В мироздании по Дудхвале все началось с того, что прадед моего отца «принял ислам», эту, как говорится, наиболее строптивую из религий. В результате Виви Мерчант (так же, как Амир, как фактически каждый мусульманин данного субконтинента, ибо все мы дети вероотступников, признаем мы это или нет, – все до единого) утратил связь с историей. Таким образом, мы можем объяснить отчаянное стремление моего отца уйти в прошлое этого города как своего рода поиск утраченной самоидентификации; что касается Амир Мерчант, она, с ее мечтой о небоскребах, тоже по-своему пыталась найти потерянные ценности в воображаемых высотных жилых домах и кинотеатрах стиля ар-деко, в кирпиче и строительном растворе.
В объяснениях тайн бытия недостатка нет. Сегодня они предлагаются оптом по бросовой цене.
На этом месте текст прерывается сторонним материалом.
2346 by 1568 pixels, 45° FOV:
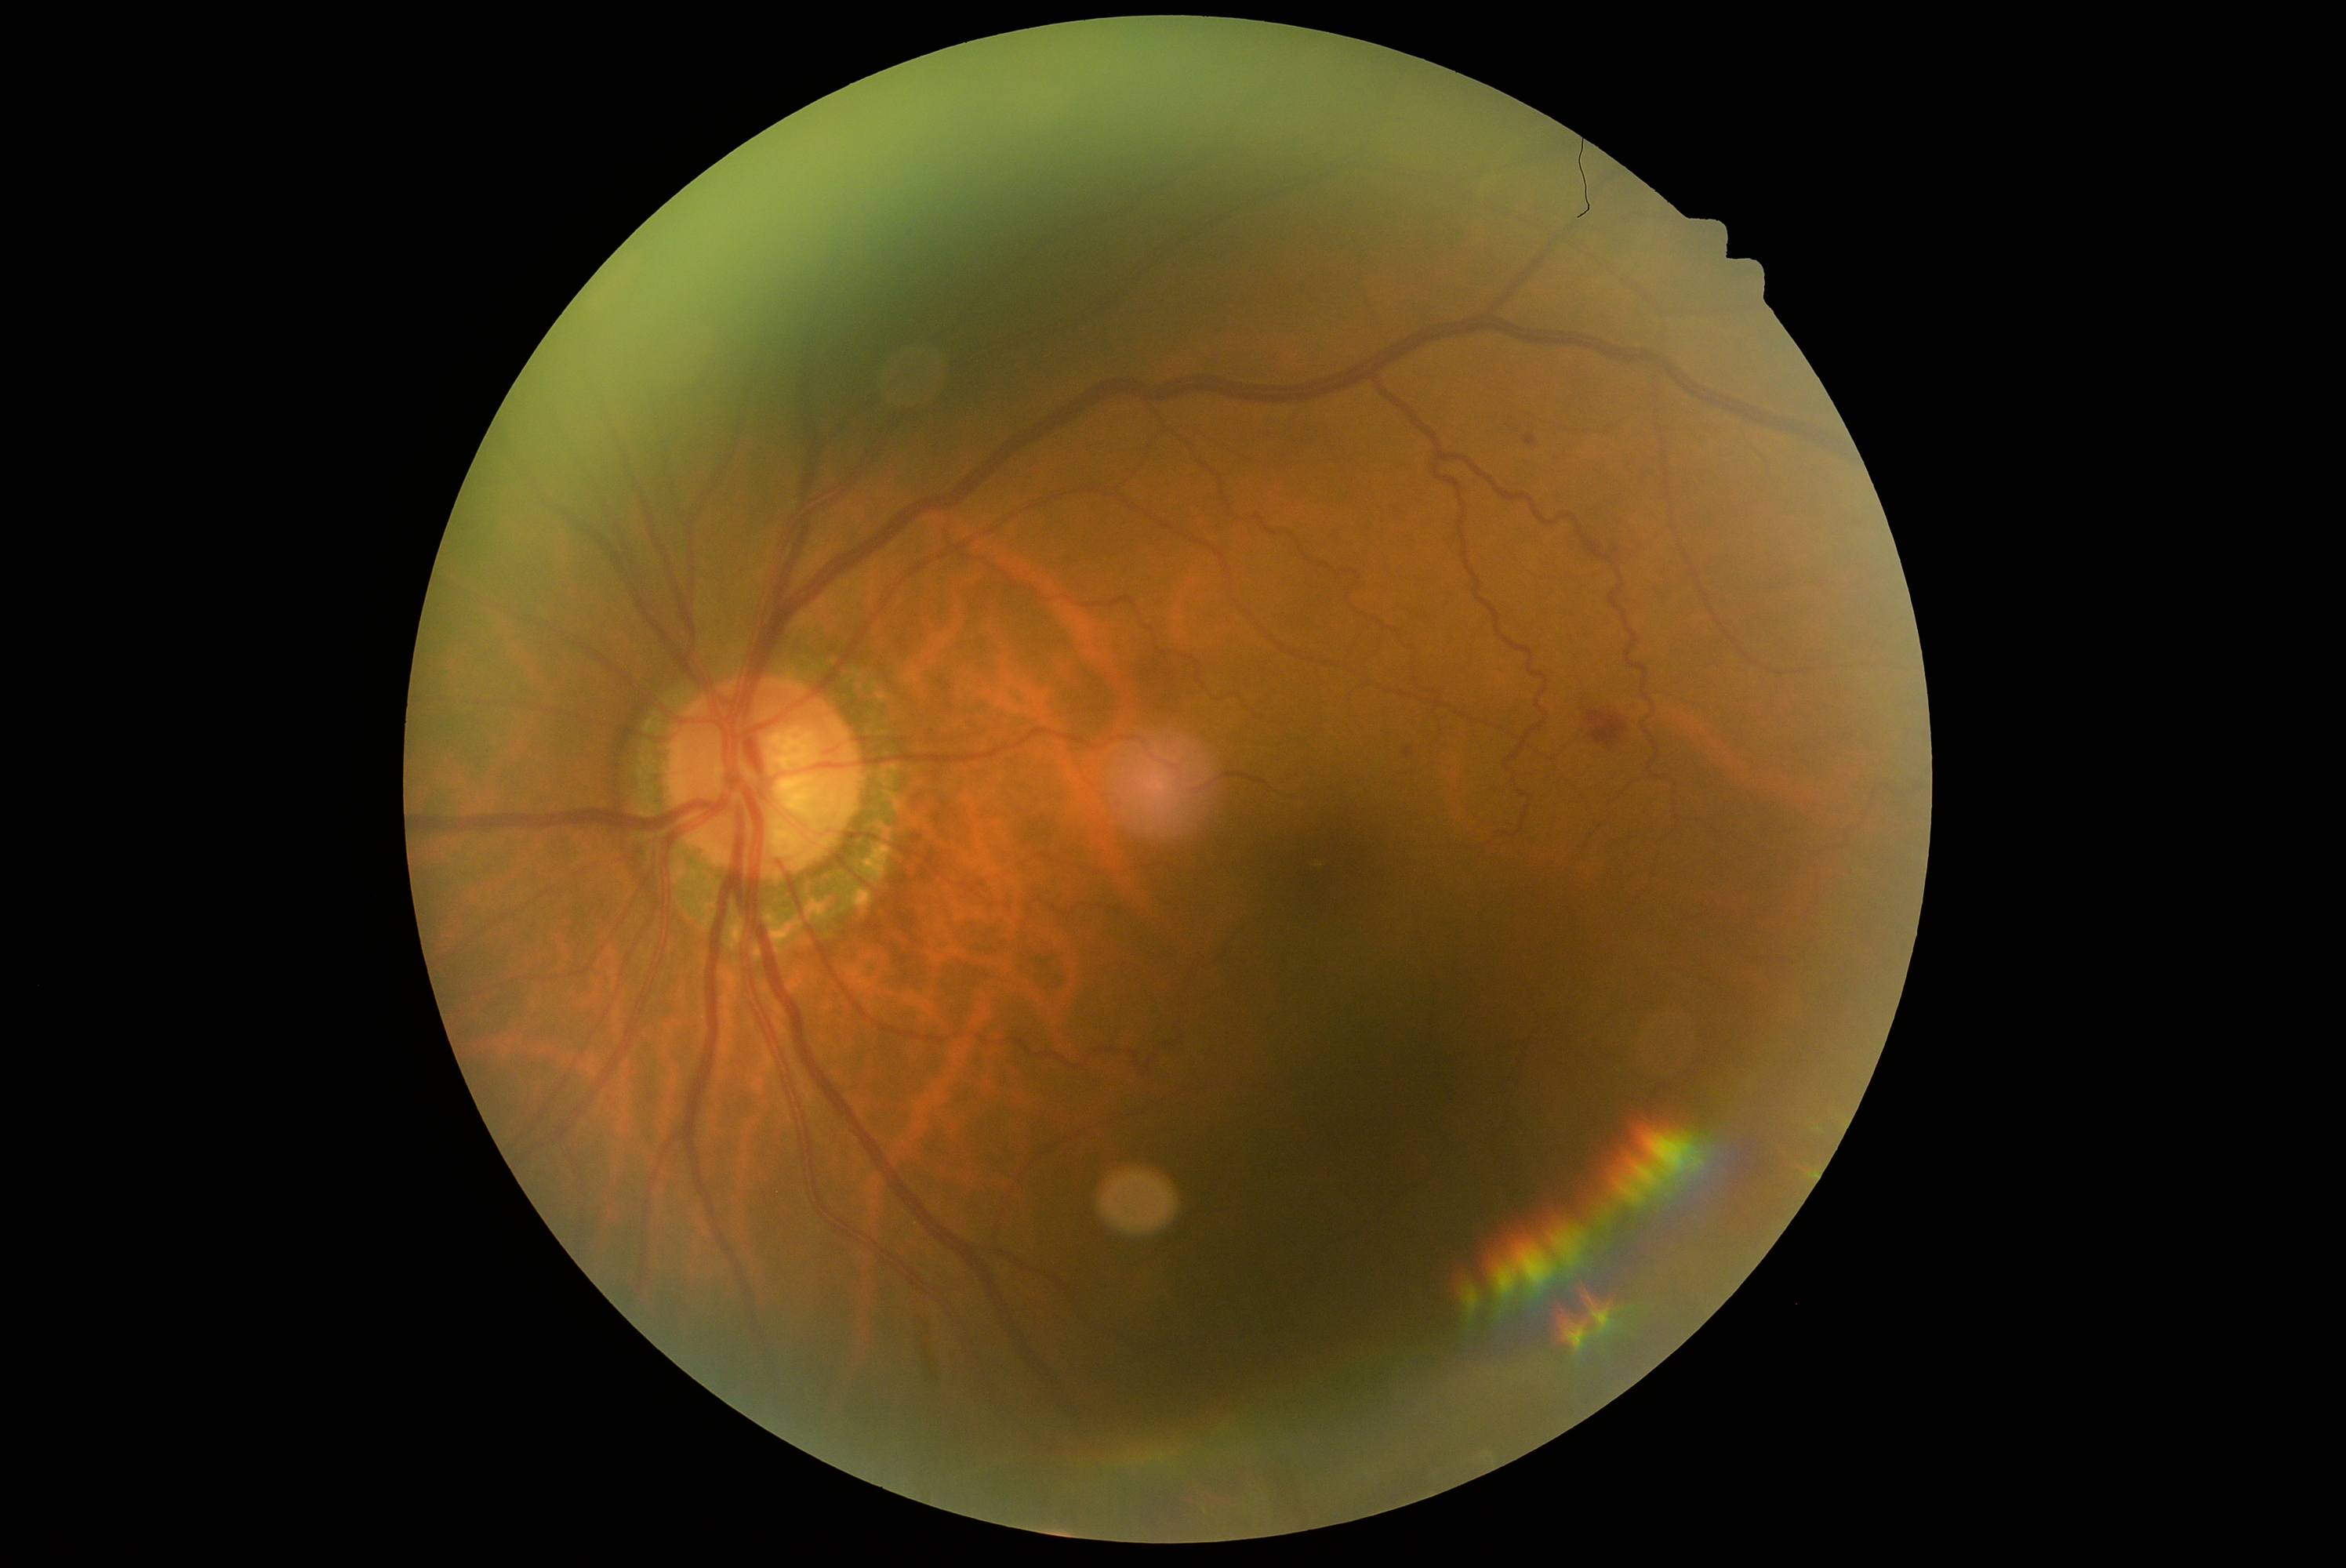

Diabetic retinopathy (DR) is moderate NPDR (grade 2).
The retinopathy is classified as non-proliferative diabetic retinopathy.

А вот докопаться до правды все труднее.
Сколько я себя помню, больше всего на свете мне хотелось – позволю себе еще раз прибегнуть к любимому выражению – быть достойным этого мира. Ради этого я готов был пойти на любые испытания, трудиться без устали. Мое знакомство с героями Древней Греции и Рима началось с «Тэнглвудских рассказов» Натаниэля Готорна. О Камелоте я узнал благодаря «Рыцарям Круглого стола» студии MGM с Робертом Тейлором в роли Ланселота и Мелом Феррером в роли Артура; Джиневру же, если мне не изменяет память, играла неподражаемая Ава, палиндромная богиня, выглядевшая со спины так же сногсшибательно, как и спереди. Я глотал детские версии скандинавских саг (особенно хорошо мне запомнились эпические странствия на корабле, носившем название «Скидбладнир» – «летающий корабль»), рассказы о приключениях Хатим-Тая и Гаруна ар-Рашида, Синдбада-морехода, Марко Поло и Ибн Баттуты, Рамы и Лакшманы, Кауравов и Пандавов – все, что попадалось мне под руку. Однако высоконравственная формула «быть достойным этого мира» звучала слишком абстрактно, чтобы ее легко было применить на практике, в повседневности. Я говорил правду и был достаточно честным, хотя одиноким и замкнутым ребенком, но мне не дано было стать героем. Однако в тот период, о котором я пишу, я начал сомневаться, достоин ли этот мир меня. Он фальшивил: он явно был не тем, чем должен был быть. Возможно, я проникался разочарованием моей матери, ее все возрастающим цинизмом. Теперь, оглядываясь назад, могу с уверенностью сказать, что мы стоили друг друга – мир и я. Мы оба иногда бывали на высоте, а иногда срывались в бездну. О себе могу сказать (я не настолько самонадеян, чтобы говорить от лица мира): в самой низшей точке падения я представлял собою какофонию, нагромождение звуков, не вписывавшихся в симфонию цельного «я». Когда же я был на высоте, мир пел для меня и через меня, словно звонкий кристалл.